Samuel Taylor Coleridge

The Aeolian Harp

 

   My pensive SARA ! thy soft cheek reclined

   Thus on mine arm, most soothing sweet it is

   To sit beside our Cot, our Cot o'ergrown

   With white-flower'd Jasmin, and the broad-leav'd Myrtle,

5  (Meet emblems they of Innocence and Love !)

   And watch the clouds, that late were rich with light,

   Slow saddenning round, and mark the star of eve

   Serenely brilliant (such should Wisdom be)

   Shine opposite ! How exquisite the scents

10 Snatch'd from yon bean-field ! and the world so hush'd !

   The stilly murmur of the distant Sea

   Tells us of silence.

                            And that simplest Lute,

   Plac'd length-ways in the clasping casement, hark !

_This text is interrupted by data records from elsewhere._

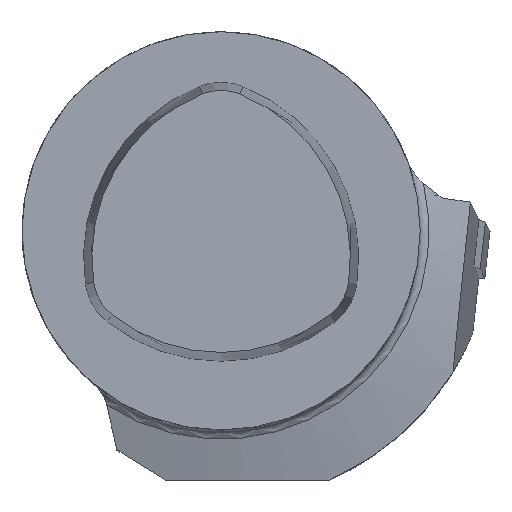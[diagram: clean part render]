
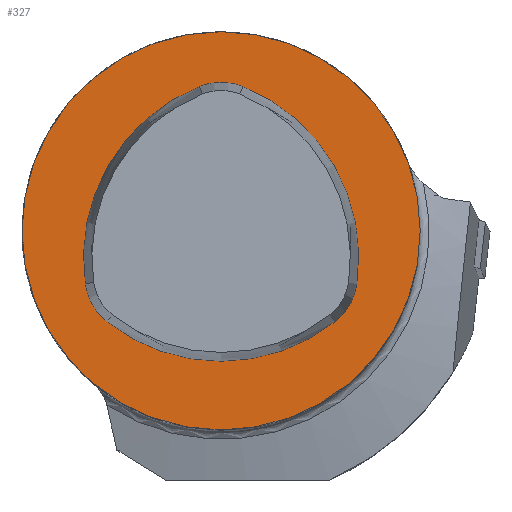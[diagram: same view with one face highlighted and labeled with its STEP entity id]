
A CAD part, top view. The second image highlights one B-rep face of the part: STEP entity #327.
In plain terms, the highlighted planar face has unit normal (0, 0, 1).
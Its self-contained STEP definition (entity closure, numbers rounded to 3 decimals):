
#107=FACE_BOUND('',#439,.T.);
#108=FACE_BOUND('',#440,.T.);
#124=PLANE('',#1064);
#327=ADVANCED_FACE('',(#107,#108),#124,.T.);
#439=EDGE_LOOP('',(#598));
#440=EDGE_LOOP('',(#599,#600,#601,#602,#603,#604));
#482=CIRCLE('',#1036,20.);
#491=CIRCLE('',#1058,18.5);
#492=CIRCLE('',#1059,5.9);
#493=CIRCLE('',#1060,18.5);
#494=CIRCLE('',#1061,5.9);
#495=CIRCLE('',#1062,18.5);
#496=CIRCLE('',#1063,5.9);
#598=ORIENTED_EDGE('',*,*,#872,.F.);
#599=ORIENTED_EDGE('',*,*,#903,.T.);
#600=ORIENTED_EDGE('',*,*,#904,.T.);
#601=ORIENTED_EDGE('',*,*,#905,.T.);
#602=ORIENTED_EDGE('',*,*,#906,.T.);
#603=ORIENTED_EDGE('',*,*,#907,.T.);
#604=ORIENTED_EDGE('',*,*,#908,.T.);
#784=VERTEX_POINT('',#1510);
#808=VERTEX_POINT('',#1599);
#809=VERTEX_POINT('',#1600);
#810=VERTEX_POINT('',#1602);
#811=VERTEX_POINT('',#1604);
#812=VERTEX_POINT('',#1606);
#813=VERTEX_POINT('',#1608);
#872=EDGE_CURVE('',#784,#784,#482,.T.);
#903=EDGE_CURVE('',#808,#809,#491,.T.);
#904=EDGE_CURVE('',#809,#810,#492,.T.);
#905=EDGE_CURVE('',#810,#811,#493,.T.);
#906=EDGE_CURVE('',#811,#812,#494,.T.);
#907=EDGE_CURVE('',#812,#813,#495,.T.);
#908=EDGE_CURVE('',#813,#808,#496,.T.);
#1036=AXIS2_PLACEMENT_3D('',#1509,#1173,#1174);
#1058=AXIS2_PLACEMENT_3D('',#1598,#1231,#1232);
#1059=AXIS2_PLACEMENT_3D('',#1601,#1233,#1234);
#1060=AXIS2_PLACEMENT_3D('',#1603,#1235,#1236);
#1061=AXIS2_PLACEMENT_3D('',#1605,#1237,#1238);
#1062=AXIS2_PLACEMENT_3D('',#1607,#1239,#1240);
#1063=AXIS2_PLACEMENT_3D('',#1609,#1241,#1242);
#1064=AXIS2_PLACEMENT_3D('',#1610,#1243,#1244);
#1173=DIRECTION('',(0.,0.,-1.));
#1174=DIRECTION('',(-1.,0.,0.));
#1231=DIRECTION('',(0.,0.,-1.));
#1232=DIRECTION('',(-1.,0.,0.));
#1233=DIRECTION('',(0.,0.,-1.));
#1234=DIRECTION('',(-1.,0.,0.));
#1235=DIRECTION('',(0.,0.,-1.));
#1236=DIRECTION('',(-1.,0.,0.));
#1237=DIRECTION('',(0.,0.,-1.));
#1238=DIRECTION('',(-1.,0.,0.));
#1239=DIRECTION('',(0.,0.,-1.));
#1240=DIRECTION('',(-1.,0.,0.));
#1241=DIRECTION('',(0.,0.,-1.));
#1242=DIRECTION('',(-1.,0.,0.));
#1243=DIRECTION('',(0.,0.,1.));
#1244=DIRECTION('',(-1.,0.,0.));
#1509=CARTESIAN_POINT('',(0.,0.,0.));
#1510=CARTESIAN_POINT('',(-20.,0.,0.));
#1598=CARTESIAN_POINT('',(-4.677,-2.7,0.));
#1599=CARTESIAN_POINT('',(2.19,14.479,0.));
#1600=CARTESIAN_POINT('',(13.634,-5.343,0.));
#1601=CARTESIAN_POINT('',(7.794,-4.5,0.));
#1602=CARTESIAN_POINT('',(11.444,-9.136,0.));
#1603=CARTESIAN_POINT('',(0.,5.4,0.));
#1604=CARTESIAN_POINT('',(-11.444,-9.136,0.));
#1605=CARTESIAN_POINT('',(-7.794,-4.5,0.));
#1606=CARTESIAN_POINT('',(-13.634,-5.343,0.));
#1607=CARTESIAN_POINT('',(4.677,-2.7,0.));
#1608=CARTESIAN_POINT('',(-2.19,14.479,0.));
#1609=CARTESIAN_POINT('',(0.,9.,0.));
#1610=CARTESIAN_POINT('',(0.,0.,0.));

   How by the desultory breeze caress'd,

15 Like some coy maid half-yielding to her lover,

   It pours such sweet upbraiding, as must needs

   Tempt to repeat the wrong ! And now, its strings

   Boldlier swept, the long sequacious notes

   Over delicious surges sink and rise,

20 Such a soft floating witchery of sound

   As twilight Elfins make, when they at eve

   Voyage on gentle gales from Faery-Land,

   Where Melodies round honey-dropping flowers,

   Footless and wild, like birds of Paradise,

25 Nor pause, nor perch, hovering on untam'd wing !

   O ! the one Life within us and abroad,

   Which meets all motion and becomes its soul,

   A light in sound, a sound-like power in light,

   Rhythm in all thought, and joyance every where--

30 Methinks, it should have been impossible

   Not to love all things in a world so fill'd;

   Where the breeze warbles, and the mute still air

   Is Music slumbering on her instrument.

       And thus, my Love! as on the midway slope

35 Of yonder hill I stretch my limbs at noon,

   Whilst thro' my half-clos'd eye-lids I behold

   The sunbeams dance, like diamonds, on the main,

   And tranquil muse upon tranquility;

   Full many a thought uncall'd and undetain'd,

40 And many idle flitting phantasies,

   Traverse my indolent and passive brain,

   As wild and various, as the random gales

   That swell and flutter on this subject Lute!

       And what if all of animated nature

45 Be but organic Harps diversly fram'd,

   That tremble into thought, as o'er them sweeps

   Plastic and vast, one intellectual breeze,

   At once the Soul of each, and God of all ?

       But thy more serious eye a mild reproof

50 Darts, O beloved Woman! nor such thoughts

   Dim and unhallow'd dost thou not reject,

   And biddest me walk humbly with my God.

   Meek Daughter in the Family of Christ !

   Well hast thou said and holily disprais'd

55 These shapings of the unregenerate mind ;

   Bubbles that glitter as they rise and break

   On vain Philosophy's aye-babbling spring.

   For never guiltless may I speak of him,

   The Incomprehensible ! save when with awe

60 I praise him, and with Faith that inly feels ;

   Who with his saving mercies healed me,

   A sinful and most miserable man,

   Wilder'd and dark, and gave me to possess

   Peace, and this Cot, and thee, heart-honour'd Maid!